WHAT YOU WILL DO => Copy out each line in the listing below where the word "viewBox" appears.
---------- STORED DATA ----------
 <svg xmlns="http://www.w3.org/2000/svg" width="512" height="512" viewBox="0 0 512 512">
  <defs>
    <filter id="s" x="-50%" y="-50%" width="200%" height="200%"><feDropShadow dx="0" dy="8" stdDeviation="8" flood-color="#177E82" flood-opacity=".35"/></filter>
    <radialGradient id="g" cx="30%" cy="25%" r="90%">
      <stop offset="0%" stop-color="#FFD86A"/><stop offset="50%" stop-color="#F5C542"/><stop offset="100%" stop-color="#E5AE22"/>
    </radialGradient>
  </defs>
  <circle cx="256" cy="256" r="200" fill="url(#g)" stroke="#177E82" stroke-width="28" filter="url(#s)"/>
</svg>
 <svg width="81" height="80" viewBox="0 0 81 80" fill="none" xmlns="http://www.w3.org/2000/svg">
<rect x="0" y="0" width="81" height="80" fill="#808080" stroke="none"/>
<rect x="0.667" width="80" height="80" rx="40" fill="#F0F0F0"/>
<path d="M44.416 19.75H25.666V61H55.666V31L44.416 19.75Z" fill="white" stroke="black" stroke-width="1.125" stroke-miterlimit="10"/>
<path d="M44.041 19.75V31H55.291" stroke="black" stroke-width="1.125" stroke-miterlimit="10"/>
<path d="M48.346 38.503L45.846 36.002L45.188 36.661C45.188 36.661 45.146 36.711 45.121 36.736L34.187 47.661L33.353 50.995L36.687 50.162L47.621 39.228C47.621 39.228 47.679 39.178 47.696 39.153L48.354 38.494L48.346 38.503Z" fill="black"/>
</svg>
----------
ANSWER TO THE EXERCISE =>
 <svg xmlns="http://www.w3.org/2000/svg" width="512" height="512" viewBox="0 0 512 512">
 <svg width="81" height="80" viewBox="0 0 81 80" fill="none" xmlns="http://www.w3.org/2000/svg">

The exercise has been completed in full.